(Extracted data entries)
◇ ◇ ◇ ◇ ◇

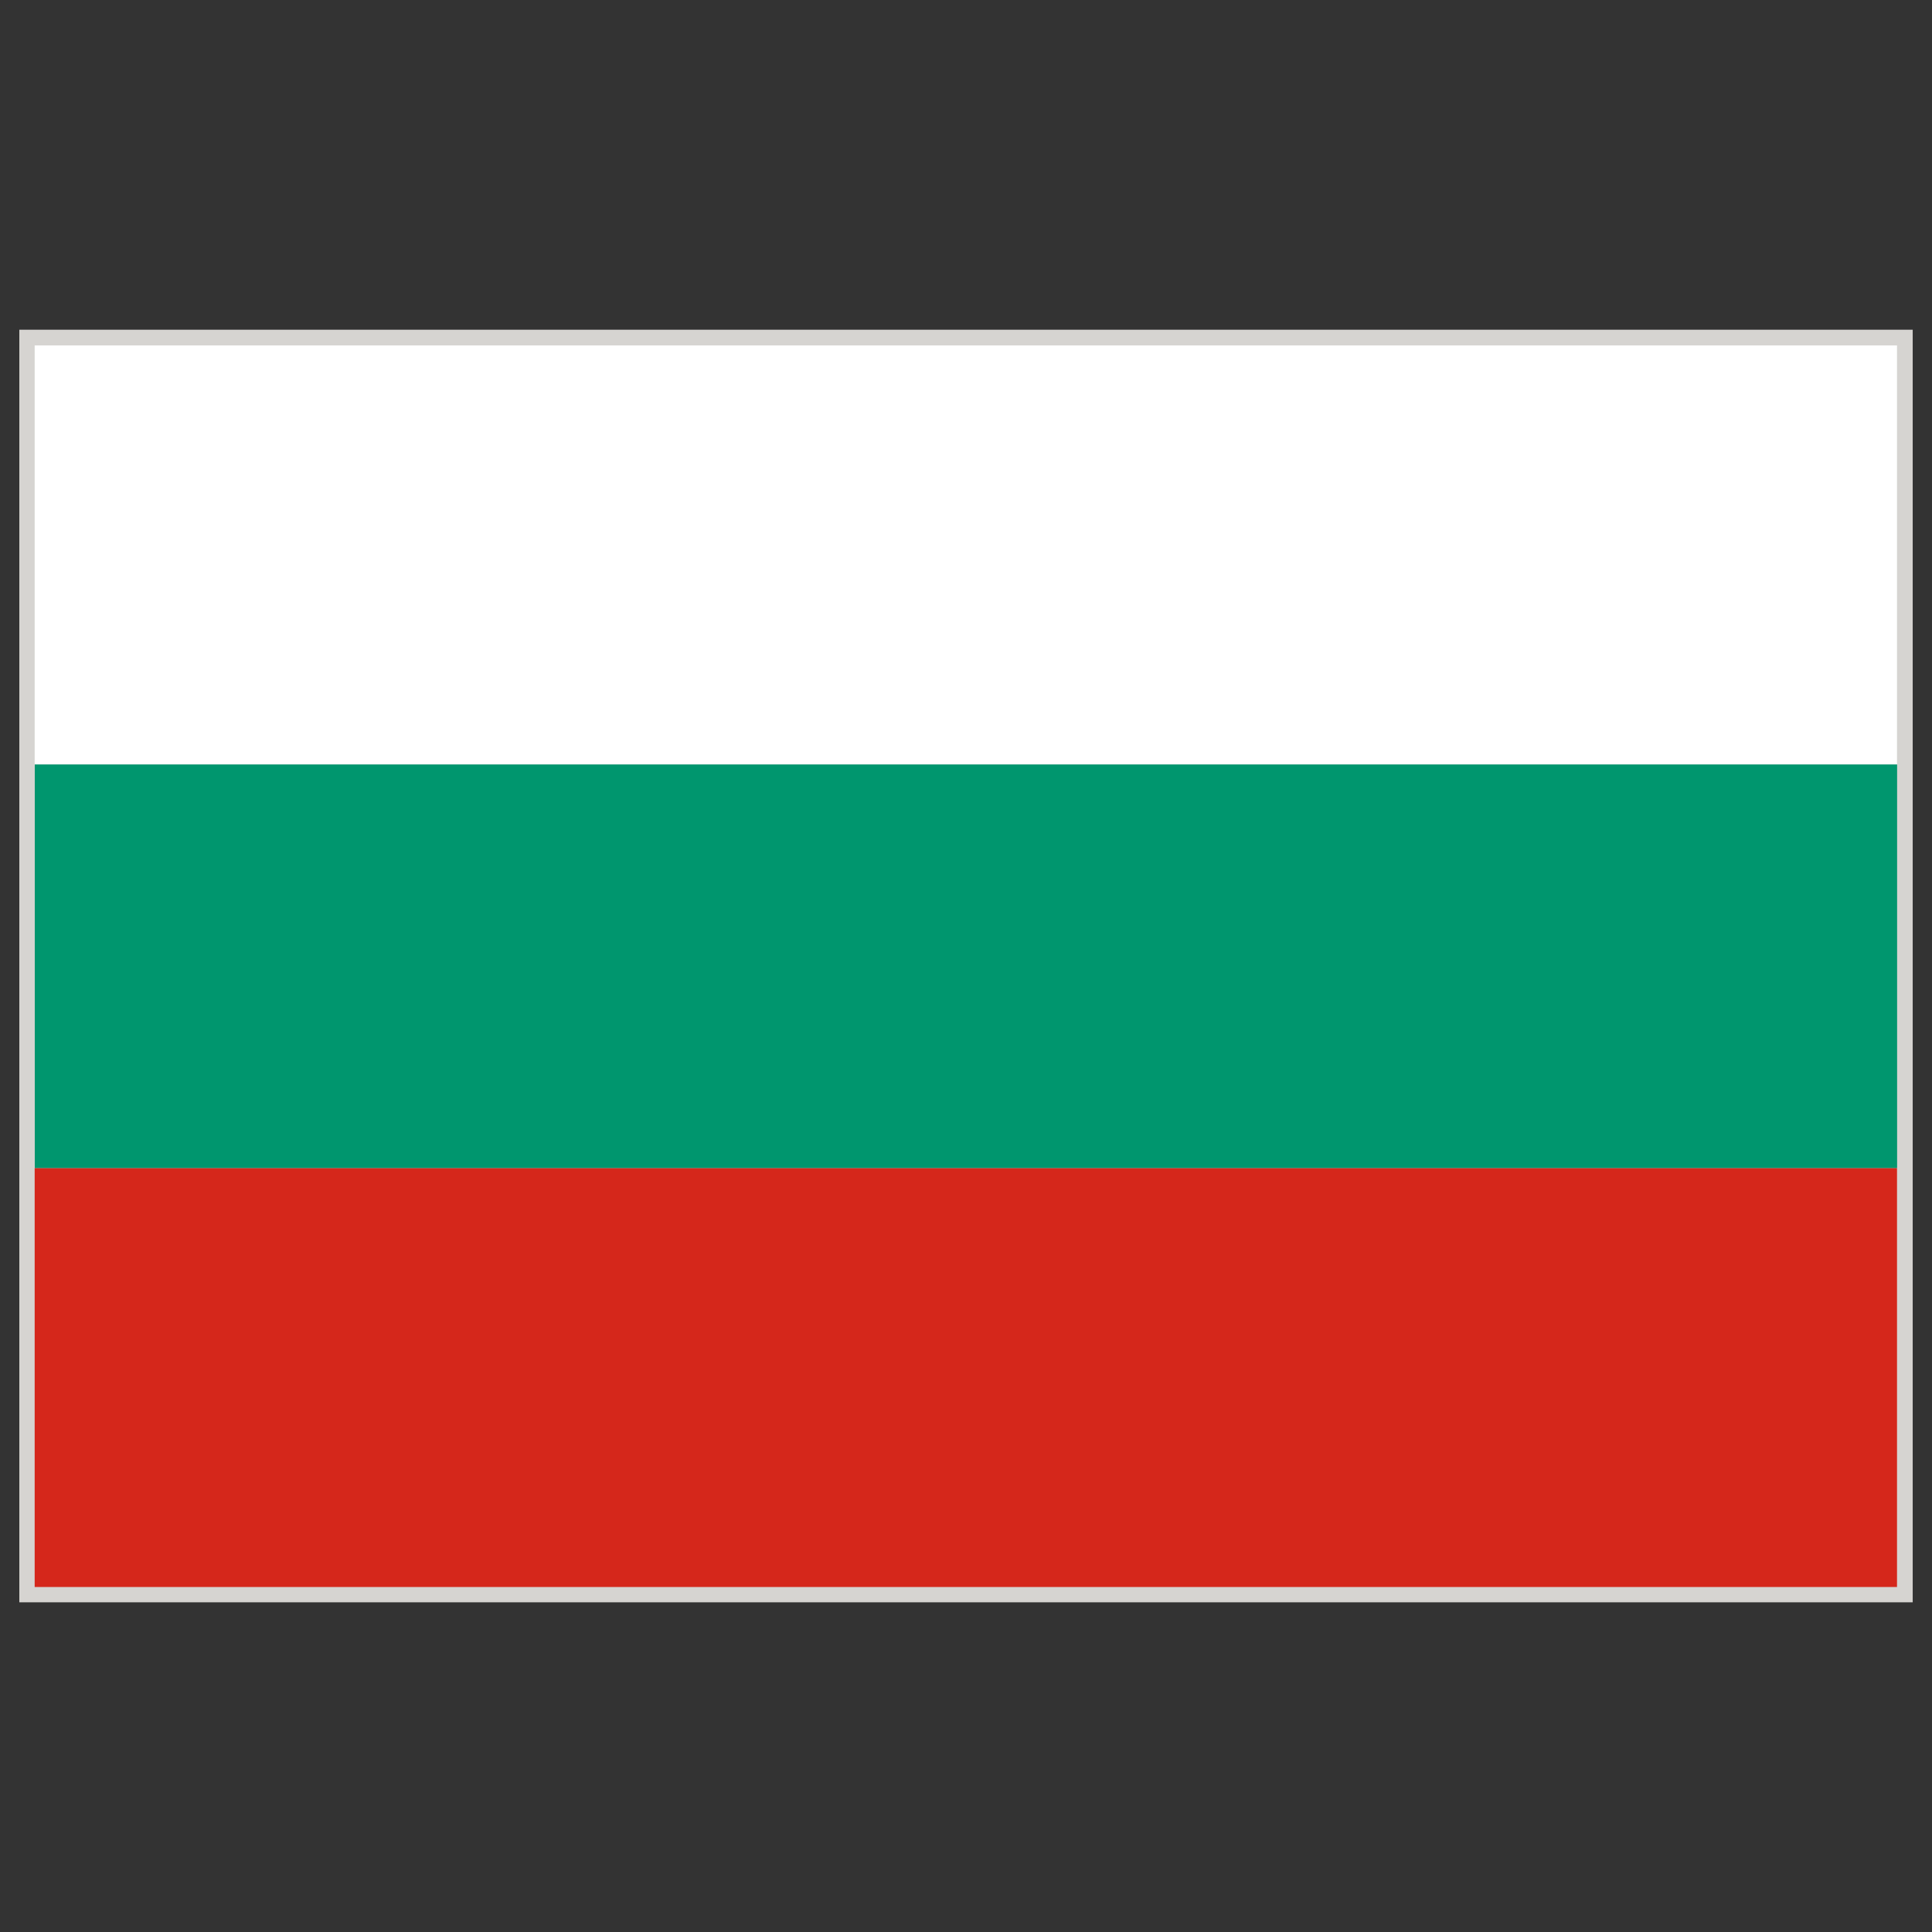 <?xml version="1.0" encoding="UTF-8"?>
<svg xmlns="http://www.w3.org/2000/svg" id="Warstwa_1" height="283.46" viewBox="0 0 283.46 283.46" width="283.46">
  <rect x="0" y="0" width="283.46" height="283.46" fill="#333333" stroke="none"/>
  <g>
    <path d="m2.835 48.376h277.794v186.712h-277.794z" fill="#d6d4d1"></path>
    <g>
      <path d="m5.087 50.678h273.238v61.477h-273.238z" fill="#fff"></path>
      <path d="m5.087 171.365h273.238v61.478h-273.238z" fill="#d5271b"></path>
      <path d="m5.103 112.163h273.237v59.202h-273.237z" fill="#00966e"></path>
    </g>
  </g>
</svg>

◇ ◇ ◇ ◇ ◇

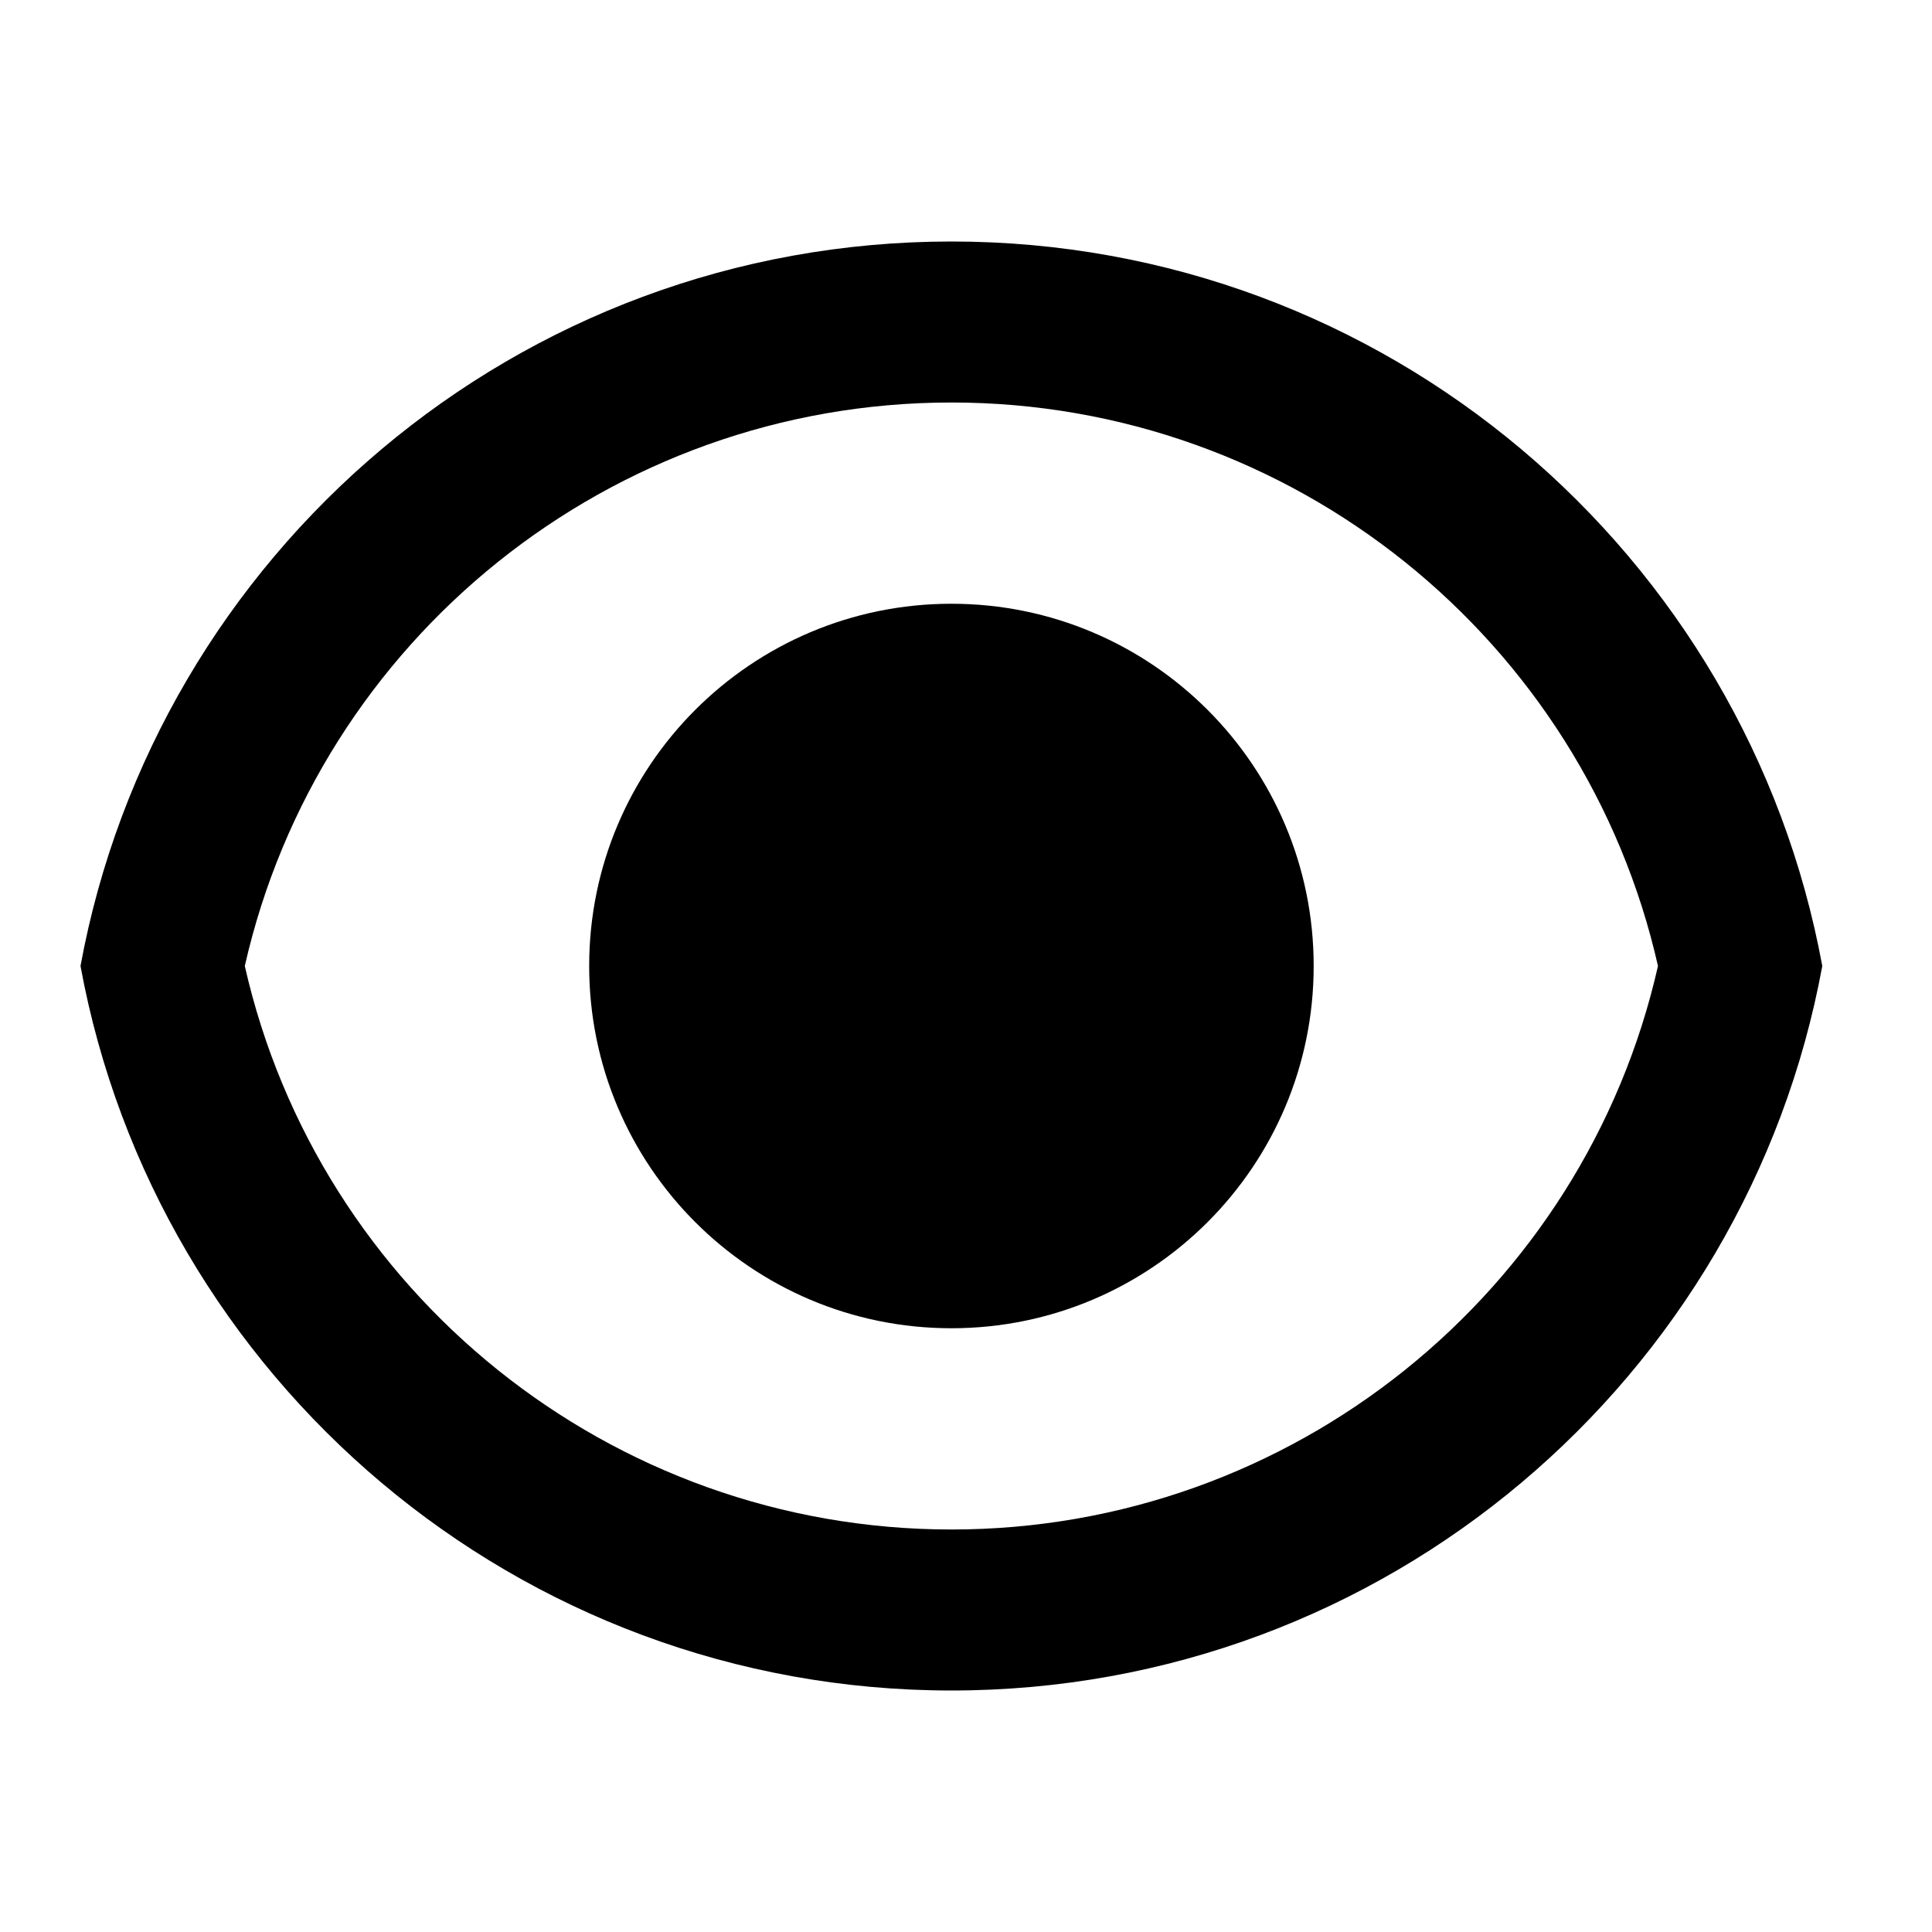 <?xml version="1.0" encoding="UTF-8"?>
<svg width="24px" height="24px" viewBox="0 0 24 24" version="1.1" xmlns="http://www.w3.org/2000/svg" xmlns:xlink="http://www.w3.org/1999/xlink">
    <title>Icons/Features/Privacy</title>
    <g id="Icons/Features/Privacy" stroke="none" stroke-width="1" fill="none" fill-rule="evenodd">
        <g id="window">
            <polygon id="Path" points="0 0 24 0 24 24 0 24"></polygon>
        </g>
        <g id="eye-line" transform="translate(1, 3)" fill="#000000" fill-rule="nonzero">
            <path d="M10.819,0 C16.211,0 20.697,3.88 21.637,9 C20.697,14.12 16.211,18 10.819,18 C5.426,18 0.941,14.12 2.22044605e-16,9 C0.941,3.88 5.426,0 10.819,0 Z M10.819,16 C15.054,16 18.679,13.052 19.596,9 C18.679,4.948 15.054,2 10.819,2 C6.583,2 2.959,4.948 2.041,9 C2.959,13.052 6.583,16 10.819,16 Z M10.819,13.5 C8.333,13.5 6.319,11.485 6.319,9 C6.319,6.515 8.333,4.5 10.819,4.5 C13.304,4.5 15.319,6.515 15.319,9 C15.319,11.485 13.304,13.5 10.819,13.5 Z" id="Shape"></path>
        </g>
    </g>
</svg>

◇ ◇ ◇ ◇ ◇

### [EXERCISE GOAL]
For each line above that includes the word "xmlns", make a copy of that line.

### [SOLUTION TO THIS EXERCISE]
<svg xmlns="http://www.w3.org/2000/svg" id="Warstwa_1" height="283.46" viewBox="0 0 283.46 283.46" width="283.46">
<svg width="24px" height="24px" viewBox="0 0 24 24" version="1.1" xmlns="http://www.w3.org/2000/svg" xmlns:xlink="http://www.w3.org/1999/xlink">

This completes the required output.